The appellant has no prior convictions of any kind. She pleaded guilty early. These are significant matters.
Apart from the error she made concerning the appellant being a serious sexual offender, we agree with the sentencing judge’s analysis and conclusions. In particular, we agree with her conclusion that the appellant’s moral culpability is very high. There was a very substantial age difference. The complainant was very young, and the appellant knew he was vulnerable. She was one of the complainant’s carers. She was challenged about the nature of her relationship with the complainant but continued her offending. She then fell pregnant, with lifelong consequences for all concerned. Apart from her guilty plea, her absence of prior convictions, and her low risk of re-offending, there are no mitigating factors of real significance.

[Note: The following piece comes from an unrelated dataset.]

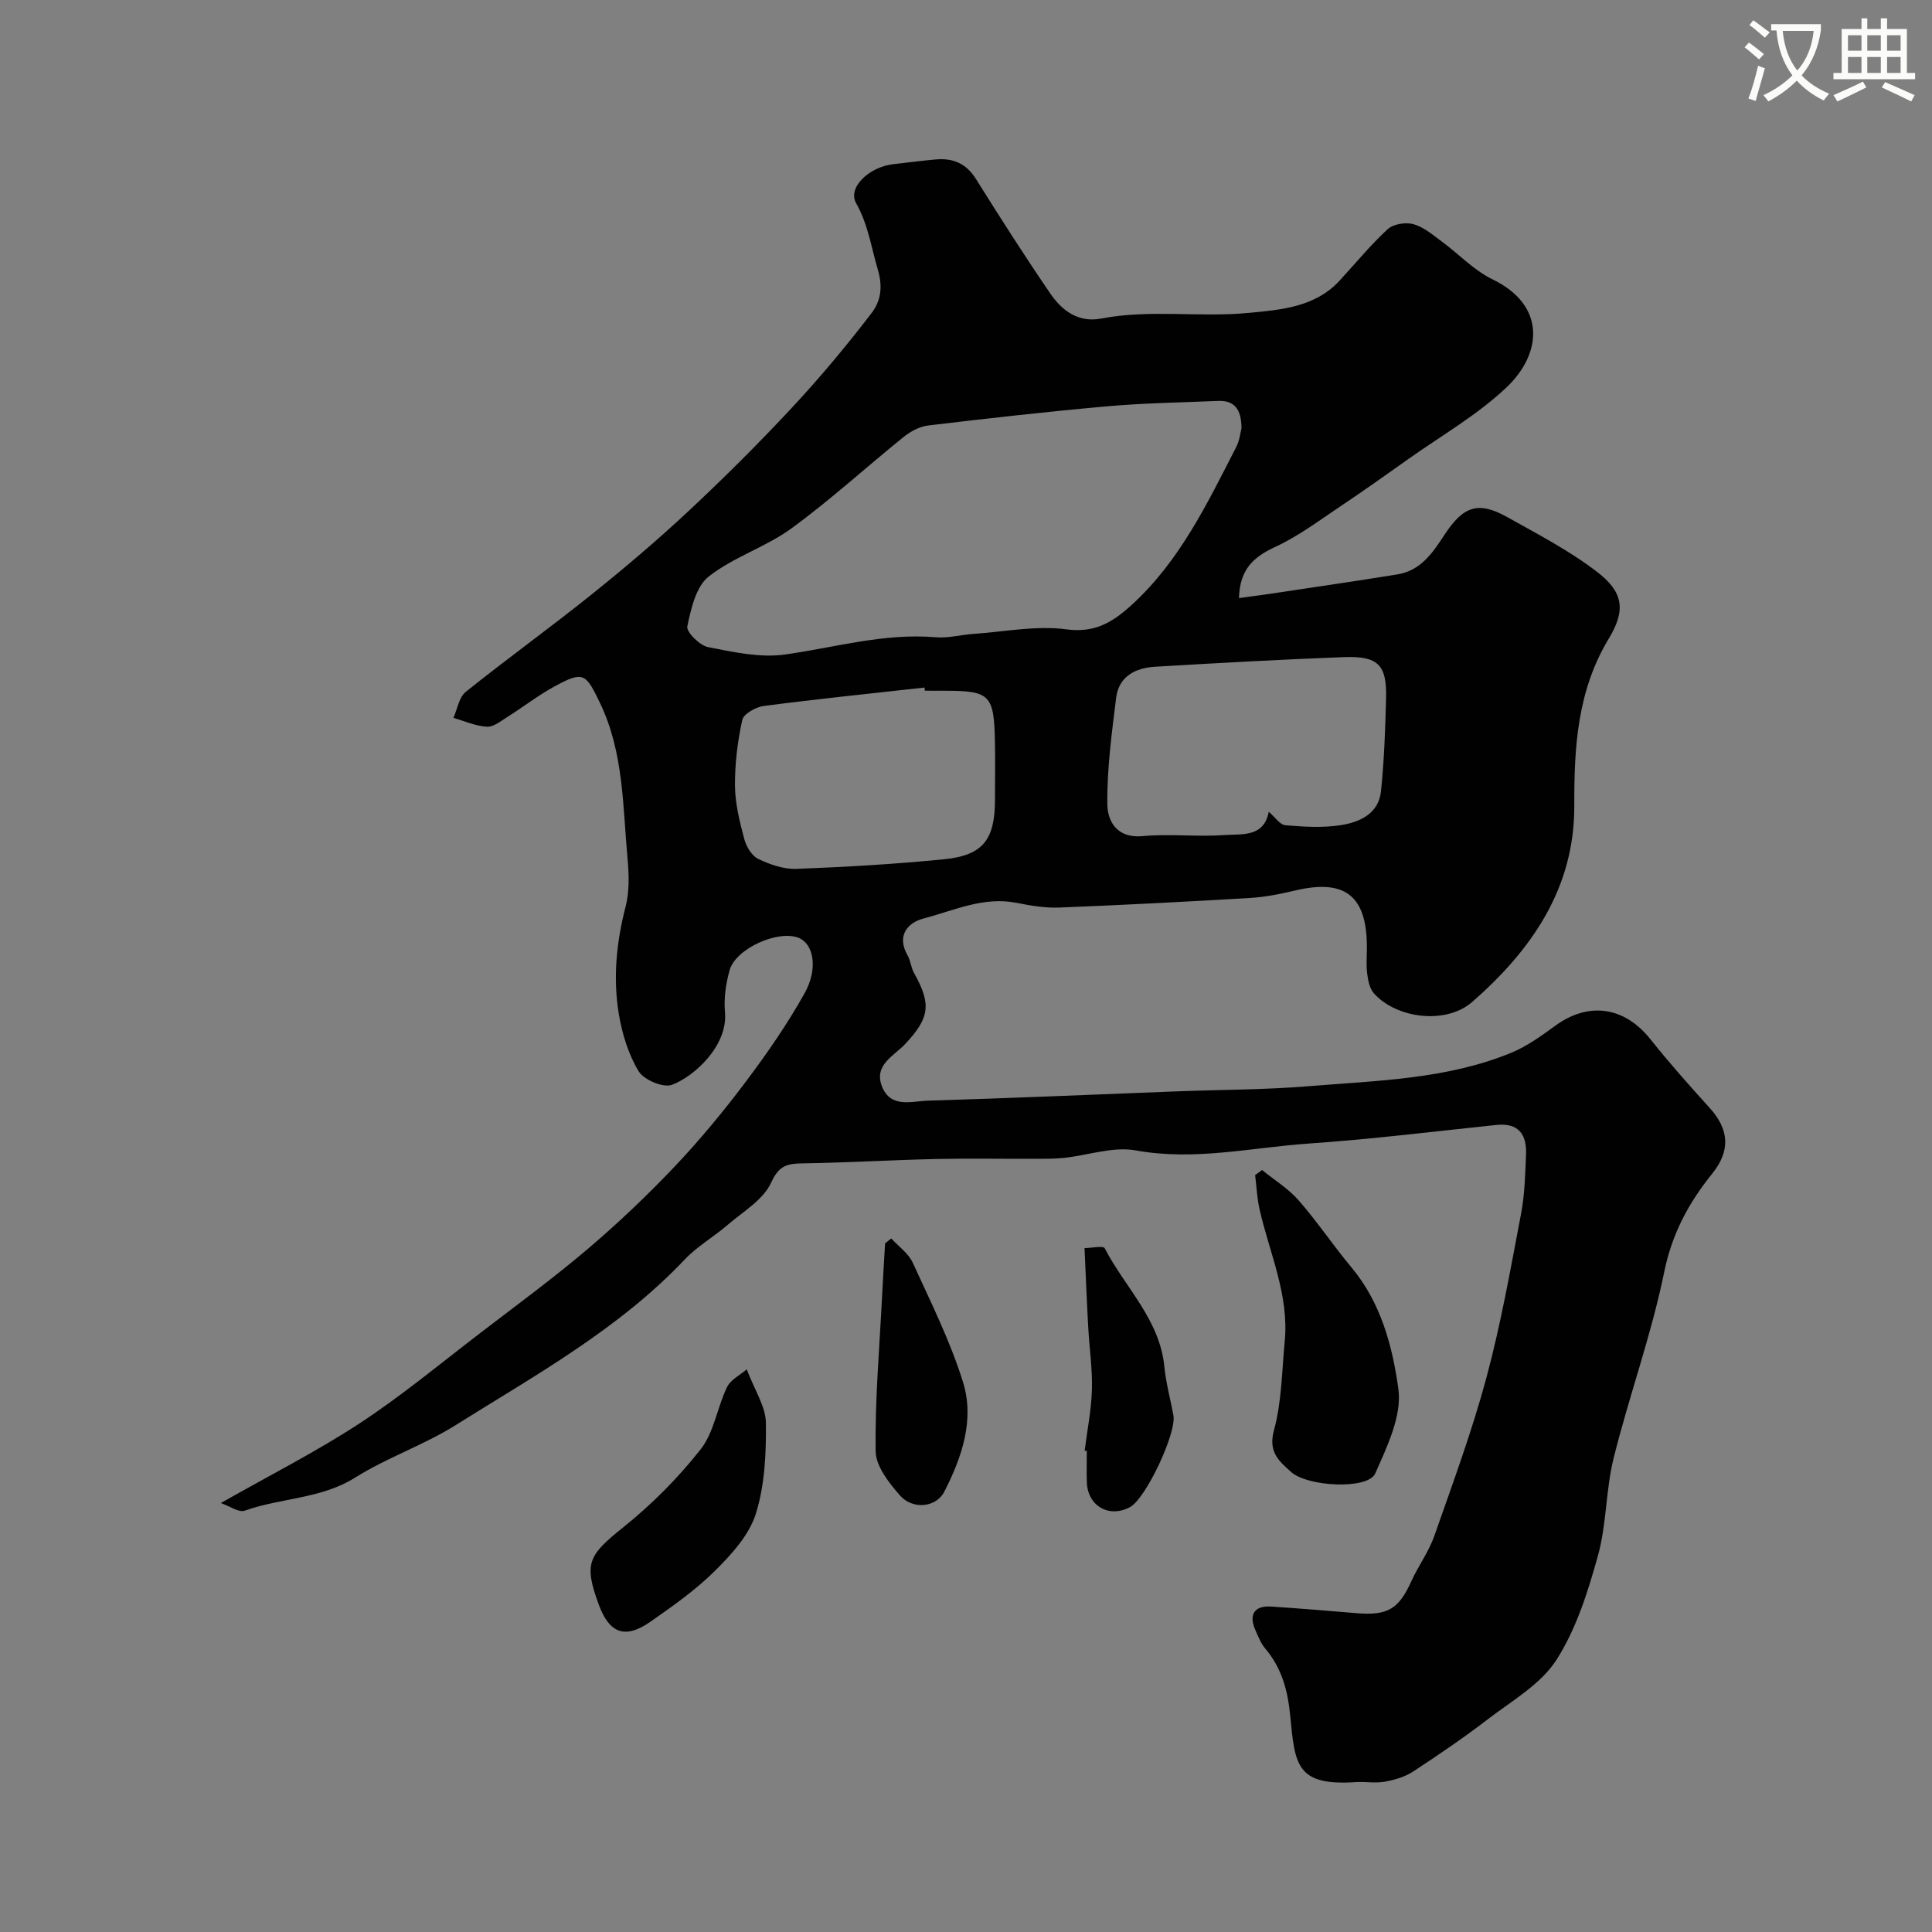 <svg enable-background="new 0 0 400 400" viewBox="0 0 400 400" xmlns="http://www.w3.org/2000/svg"><rect x="0" y="0" width="400" height="400" fill="#808080" stroke="none"/><path d="m362.1 8.8c1.1.8 2.1 1.6 3.1 2.4l-1 1.1c-1.3-1.1-2.3-2-3-2.5zm1.9 4.8c.5.2.9.4 1.4.5-.6 2.3-1.3 4.5-1.9 6.8l-1.5-.5c.8-2.1 1.4-4.3 2-6.8zm-1-9.4c1.3.9 2.4 1.8 3.4 2.5l-1 1.1c-1.4-1.2-2.4-2.1-3.2-2.6zm3.7 2.2v-1.4h10.3v1.2c-.5 3.6-1.8 6.8-4 9.4 1.5 1.6 3.4 2.8 5.7 3.8-.3.4-.7.8-1.1 1.4-2.3-1.1-4.1-2.5-5.6-4.1-1.6 1.6-3.6 3.1-5.9 4.3-.3-.5-.7-.9-1-1.3 2.4-1.1 4.4-2.5 6-4.1-1.9-2.5-3-5.6-3.3-9.3h-1.1zm8.8 0h-6.4c.3 3.3 1.3 6 3 8.2 2-2.2 3.1-5.1 3.4-8.2z" fill="#fbfcfa"/><path d="m385.3 3.8h1.3v2.2h2.8v-2.2h1.3v2.2h4.1v9.1h1.7v1.3h-16.9v-1.3h1.7v-9.1h4.1v-2.2zm.4 13.1.7 1.2c-1.8.9-3.8 1.9-6 2.9-.2-.4-.5-.8-.8-1.3 2.3-1 4.3-1.9 6.1-2.8zm-3.1-6.4h2.8v-3.2h-2.8zm0 4.6h2.8v-3.3h-2.8zm4-4.6h2.8v-3.2h-2.8zm0 4.6h2.8v-3.3h-2.8zm3.7 1.9c2.1.9 4.1 1.8 6.1 2.7l-.7 1.3c-2.2-1.1-4.2-2-6.1-2.9zm3.2-9.7h-2.8v3.2h2.8zm-2.8 7.8h2.8v-3.3h-2.8z" fill="#fbfcfa"/><g fill="#010102"><path d="m45.72 311.19c10.32-5.87 19.91-10.71 28.82-16.56 8.73-5.73 16.81-12.46 25.12-18.82 7.4-5.67 14.93-11.2 22.03-17.23 6.3-5.36 12.33-11.09 18.02-17.09 5.23-5.52 10.11-11.43 14.68-17.51 4.4-5.85 8.61-11.93 12.18-18.31 2.89-5.17 1.86-10.26-1.22-11.5-4.24-1.7-13.02 2.2-14.29 6.7-.79 2.79-1.22 5.86-.96 8.72.62 6.86-6.3 13.27-10.99 15.01-1.79.67-5.81-1.03-6.89-2.81-2.12-3.51-3.42-7.75-4.1-11.85-1.23-7.43-.51-14.84 1.4-22.21.81-3.13.71-6.63.41-9.91-1-10.87-.78-21.95-5.66-32.18-3-6.29-3.51-6.73-9.34-3.59-3.43 1.85-6.53 4.28-9.84 6.36-1.35.85-2.88 2.12-4.27 2.05-2.34-.13-4.63-1.17-6.94-1.83.82-1.83 1.15-4.27 2.54-5.38 8.55-6.86 17.46-13.27 26.01-20.13 6.92-5.55 13.71-11.31 20.19-17.37 7.35-6.87 14.49-13.99 21.35-21.35 5.82-6.25 11.31-12.83 16.5-19.61 1.81-2.36 2.38-5.25 1.27-8.99-1.37-4.63-2-9.31-4.49-13.74-1.81-3.22 2.65-7.49 7.7-8.07 2.93-.33 5.85-.71 8.78-.98 3.56-.32 6.3.81 8.32 4.03 5.01 8.01 10.1 15.98 15.43 23.77 2.41 3.52 5.81 6.05 10.52 5.14 10.1-1.94 20.34-.2 30.42-1.16 6.65-.63 13.82-1.14 18.93-6.69 3.29-3.57 6.38-7.36 9.94-10.64 1.17-1.08 3.71-1.49 5.31-1.06 2.1.57 3.97 2.17 5.8 3.52 3.56 2.61 6.71 6.02 10.6 7.91 11.2 5.42 10.23 15.42 2.94 22.34-6.09 5.79-13.61 10.07-20.53 14.99-4.52 3.21-9.05 6.43-13.66 9.51-4.47 2.98-8.82 6.29-13.66 8.53-4.4 2.05-7.41 4.49-7.57 10.63 2.08-.29 4.13-.55 6.18-.85 8.88-1.34 17.77-2.62 26.64-4.06 4.79-.78 7.28-4.45 9.72-8.19 3.87-5.91 6.96-7.04 12.92-3.71 6.37 3.56 12.94 6.97 18.69 11.39 5.35 4.12 6.04 7.81 2.41 13.81-6.55 10.84-7.18 22.55-7.14 34.64.05 17.12-8.91 29.89-21.13 40.58-5.44 4.75-15.68 3.45-20.36-1.78-.89-1-1.21-2.68-1.39-4.1-.23-1.8-.06-3.66-.06-5.49-.02-10.67-4.55-14.16-14.96-11.68-3.01.72-6.09 1.33-9.17 1.52-13.19.78-26.4 1.47-39.6 1.99-2.91.11-5.9-.4-8.78-.97-6.85-1.37-12.99 1.59-19.26 3.23-3.31.87-5.67 3.55-3.32 7.65.63 1.11.71 2.53 1.34 3.65 3.64 6.48 3.2 9.31-1.84 14.69-2.31 2.47-6.56 4.33-4.8 8.8 1.8 4.56 6.16 3.03 9.52 2.93 17.21-.51 34.4-1.27 51.61-1.93 9.1-.35 18.23-.32 27.3-1.07 14.15-1.17 28.52-1.41 41.93-6.95 3.24-1.34 6.19-3.5 9.06-5.58 6.92-5.03 14.3-3.93 19.67 2.81 3.89 4.88 8.05 9.57 12.25 14.2 4.08 4.49 4.36 8.9.53 13.65-4.86 6.02-8.3 12.39-9.92 20.33-2.65 13.01-7.25 25.61-10.47 38.53-1.65 6.61-1.44 13.7-3.26 20.24-2.07 7.45-4.48 15.16-8.6 21.57-3.22 5.02-9.12 8.39-14.08 12.19-5.04 3.87-10.31 7.46-15.63 10.94-1.69 1.1-3.82 1.71-5.83 2.07-1.94.35-3.99-.04-5.98.09-12.38.82-12.6-3.62-13.58-13.71-.51-5.28-1.75-9.9-5.18-13.95-.92-1.09-1.47-2.53-2.06-3.87-1.39-3.16-.16-5.04 3.24-4.82 5.91.38 11.81.88 17.71 1.37 6.46.55 8.77-.86 11.38-6.65 1.44-3.18 3.6-6.08 4.74-9.35 3.82-10.87 7.82-21.72 10.81-32.84s4.99-22.52 7.15-33.86c.76-4.01.86-8.16 1.03-12.26.17-4.14-1.53-6.61-6.18-6.12-12.89 1.35-25.77 2.95-38.69 3.84-11.93.82-23.74 3.65-35.93 1.43-4.71-.86-9.9 1.03-14.88 1.55-2.14.22-4.32.18-6.47.19-6.7.02-13.4-.11-20.09.04-9.13.21-18.24.75-27.37.9-3.2.05-5.01.29-6.68 3.98-1.62 3.58-5.85 6.03-9.07 8.81-2.85 2.46-6.22 4.37-8.78 7.07-13.68 14.47-30.94 23.97-47.53 34.37-6.58 4.12-14.14 6.68-20.72 10.81-7.09 4.45-15.33 4.19-22.81 6.84-1.23.52-3.13-.89-5.03-1.55zm211.32-222.53c-.02-4.06-1.56-5.79-4.88-5.65-7.6.32-15.22.43-22.79 1.1-12.42 1.1-24.81 2.5-37.19 3.98-1.77.21-3.65 1.22-5.07 2.36-7.8 6.28-15.2 13.08-23.28 18.97-5.31 3.87-11.99 5.91-17.12 9.96-2.62 2.07-3.65 6.66-4.41 10.32-.24 1.14 2.57 3.94 4.31 4.28 5.23 1.03 10.77 2.25 15.92 1.53 10.38-1.46 20.52-4.48 31.2-3.57 2.57.22 5.21-.52 7.83-.7 6.42-.44 12.97-1.78 19.23-.94 5.89.79 9.55-1.48 13.37-4.93 10.04-9.09 15.74-21.05 21.77-32.78.73-1.42.89-3.12 1.11-3.93zm5.64 79.41c1.31 1.11 2.32 2.7 3.46 2.79 3.8.32 7.72.56 11.46-.02 3.92-.61 7.84-2.38 8.32-7.03.66-6.39.89-12.84 1.05-19.27.17-6.91-1.64-8.76-8.79-8.49-13.02.49-26.03 1.22-39.04 1.99-4.06.24-7.51 1.99-8.06 6.46-.9 7.31-1.9 14.68-1.82 22.01.04 3.52 1.98 7.1 7.3 6.6 5.61-.52 11.33.18 16.96-.22 3.59-.25 8.15.52 9.16-4.82zm-71.2-25.07c-.02-.22-.05-.43-.07-.65-11.09 1.23-22.2 2.37-33.26 3.81-1.65.21-4.19 1.63-4.47 2.9-.98 4.46-1.55 9.11-1.51 13.68.04 3.69.98 7.42 1.94 11.02.41 1.55 1.56 3.45 2.89 4.08 2.43 1.16 5.28 2.15 7.91 2.05 10.2-.39 20.4-.98 30.55-1.99 8.07-.8 10.54-4.07 10.54-12.35 0-4 .07-7.99-.01-11.99-.19-9.76-1.01-10.55-10.51-10.55-1.33-.01-2.67-.01-4-.01z"/><path d="m261.3 242.24c2.55 2.08 5.45 3.85 7.58 6.29 3.87 4.43 7.16 9.37 10.94 13.89 6.11 7.31 8.5 16.38 9.7 25.17.76 5.55-2.35 11.95-4.8 17.49-1.49 3.36-13.99 2.76-17.42-.33-2.5-2.25-4.77-4.11-3.54-8.62 1.61-5.91 1.64-12.27 2.23-18.45.92-9.6-3.16-18.26-5.21-27.3-.53-2.31-.62-4.73-.92-7.09.48-.35.96-.7 1.44-1.05z"/><path d="m154.61 283.51c1.68 4.44 3.92 7.73 3.96 11.04.07 6.3-.22 12.89-2.07 18.82-1.37 4.41-5.01 8.42-8.43 11.81-4.02 4-8.76 7.34-13.44 10.6-5.2 3.63-8.46 2.4-10.65-3.53-3.17-8.59-2.15-10.26 5-15.99 5.91-4.74 11.4-10.24 16.08-16.19 2.78-3.53 3.42-8.67 5.46-12.87.76-1.58 2.77-2.55 4.09-3.69z"/><path d="m184.53 256.41c1.51 1.66 3.56 3.08 4.45 5.03 3.72 8.13 7.75 16.21 10.4 24.7 2.43 7.81-.23 15.59-3.87 22.69-1.69 3.31-6.57 3.78-9.2.77-2.27-2.6-4.98-6.04-5.02-9.14-.15-10.54.78-21.1 1.31-31.66.19-3.79.43-7.59.65-11.38.43-.33.86-.67 1.28-1.01z"/><path d="m224.57 300.34c.53-4.22 1.38-8.43 1.5-12.67.12-4.31-.54-8.63-.77-12.96-.3-5.43-.51-10.87-.76-16.3 1.44-.02 3.88-.55 4.18.03 4.2 8.12 11.39 14.73 12.35 24.52.33 3.38 1.25 6.7 1.87 10.06.68 3.68-5.69 17.19-8.94 18.98-4.32 2.37-8.81-.16-8.98-5.11-.07-2.16-.01-4.33-.01-6.49-.15-.02-.3-.04-.44-.06z"/></g></svg>

The maximum sentence for persistent sexual abuse of a child under the age of 16 is 25 years’ imprisonment. Taking all the above matters into account, we are not persuaded that a sentence should be imposed different to that imposed by the sentencing judge. The judge could have been affected by the mistake made, but this is a case where general deterrence and denunciation of the offending conduct are very important. The sentence is high when compared to other sentences for offending of this kind, but the moral culpability here is itself very high. We do not consider that a lower sentence should be imposed.
Conclusion
There should be an extension of time in which to seek leave to appeal. Leave should be granted on proposed ground one, but the appeal must be dismissed.[24] Leave to appeal on proposed ground two should be refused.
[24]Criminal Procedure Act 2009 s 281(2).